Danny Sullivan at Search Engine Land revealed a few days ago the results of an internal Google “sting” to see if Microsoft’s Bing search engine uses Google search result data as a factor in Bing’s search results.
Short answer: they do, albeit indirectly. Microsoft admitted as much, though they obviously couched it more delicately.
In the case of this “sting,” Google was able to show that if all other factors were isolated, Bing would sometimes copy bogus Google results. Matt Cutts of Google likened this to how map manufacturers sometimes insert fabricated streets onto maps and then monitor the competition to see if they copy these non-existent streets onto their maps.
What’s happening here?
Microsoft is collecting data through the Internet Explorer browser and/or the Bing Toolbar add-on. That data includes the URLs you visit. In order for Microsoft to know which URLs you click on Google, they either need to directly capture clicks, or they need to capture HTTP referrer information along with every URL. Either way, the data they are receiving lets them know what you searched for in Google, and which Google search result you clicked on.
Bing is then using that data as a factor in their algorithm. With all other factors removed, as Google was able to do in its sting, Bing will in some cases use that as the only factor influencing the search results. That’s not direct copy of Google search results data, but it is certainly indirect copying. Microsoft is essentially using IE users as a proxy for this information.
Microsoft doesn’t have to scrape Google’s search results pages (SERPs) and directly copy them. By receiving URL and click/referrer information, they can recreate the results of scraping Google’s SERPs. All they have to do is extract the Google search query (it’s right in the URL), and then group together clicks that come from that Google search result. The most popular one is very statistically likely to be the first result. The second most popular one is very statistically likely to be the second result, and so forth. The popularity of clicks almost always trends inexorably downward as you go down the list of results on a SERPs. This data is used in Bing’s algorithm. We don’t know to what extent it is used, but it was used enough for Google to become suspicious, and in some cases it is weighted so strongly that all other data is discounted.
Why this is lame
My comment on Twitter was the following:
Illegal? Probably not. Unethical? Maybe. Lame? VERY.
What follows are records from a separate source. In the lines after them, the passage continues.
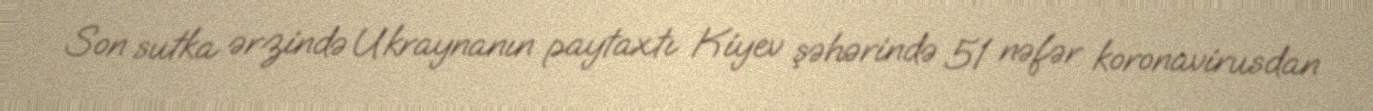
Son sutka ərzində Ukraynanın paytaxtı Kiyev şəhərində 51 nəfər koronavirusdan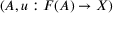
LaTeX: ( A , u : F ( A ) \to X )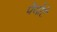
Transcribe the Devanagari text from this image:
पेयोटे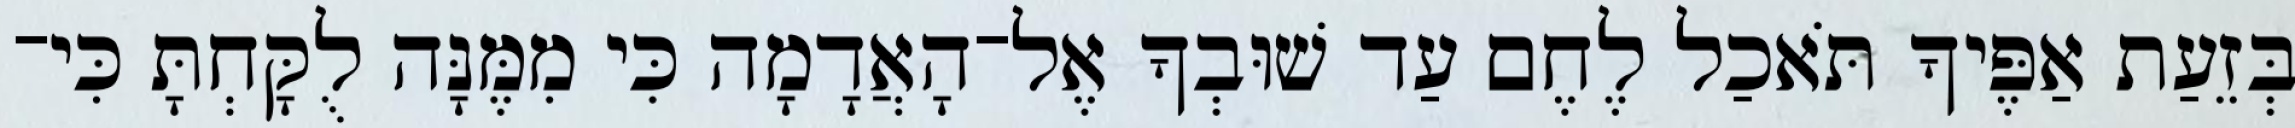
בְּזֵעַת אַפֶּיךָ תֹּאכַל לֶחֶם עַד שׁוּבְךָ אֶל־הָאֲדָמָה כִּי מִמֶּנָּה לֻקָּחְתָּ כִּי־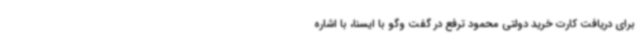
برای دریافت کارت خرید دولتی محمود ترفع در گفت وگو با ایسنا، با اشاره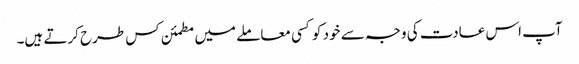
آپ اس عادت کی وجہ سے خود کو کسی معاملے میں مطمئن کس طرح کرتے ہیں۔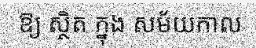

Bing uses a ton of factors to craft their search results pages. If all of those factors are saying that there are no results for the current query, there should be no results for the current query. Sometimes “no results” is the most correct result of all.
Instead, Bing seems to be second-guessing itself. Sure, it found no results, but Google did, so they just use that data without even checking it.
So now we get to my point: the most disturbing aspect here isn’t the indirect capturing of data about Google’s search results pages — it is Bing’s lack of confidence in its own data and algorithms. It is tremendously disheartening that the second largest search engine on the web would discount its own data, use its users to obtain data from the competition, and use that competitor data blindly.
I would absolutely expect Bing to be comparing their results to Google, just like I’d absolutely expect Google to be comparing their results to Bing. Microsoft could even use automated capture of user data to do that. Say if the number one result on Google is below the fifth result on Bing, they could flag it for review. Engineers could study the discrepancy, determine which result set is preferable, and tweak their algorithm to obtain a better result next time. But to directly incorporate the competition’s data into their algorithm crosses the line from “comparing results” to “copying answers.” It may not be technically illegal, but it’s certainly worthy of criticism and a certain amount of shaming.
The web needs search engine competition. Google should not be allowed to rest on its laurels. Competing with Google will require genuine innovation, and Bing is undoubtedly doing much innovation. They’ve made great strides. But incorporating Google search result data into their algorithm will retard their progress. The extent to which Bing’s algorithm is influenced by the competition will necessarily relate to difficulty in evolving their own algorithm. Just as there is more to being a student than getting the right answers on a test, there is more to being a search engine than presenting good results. Your process for getting those results speaks to your value to web users and acts as a prediction of your ability to continue providing good results. Bing shouldn’t be trying to be as good as Google. They should aim higher.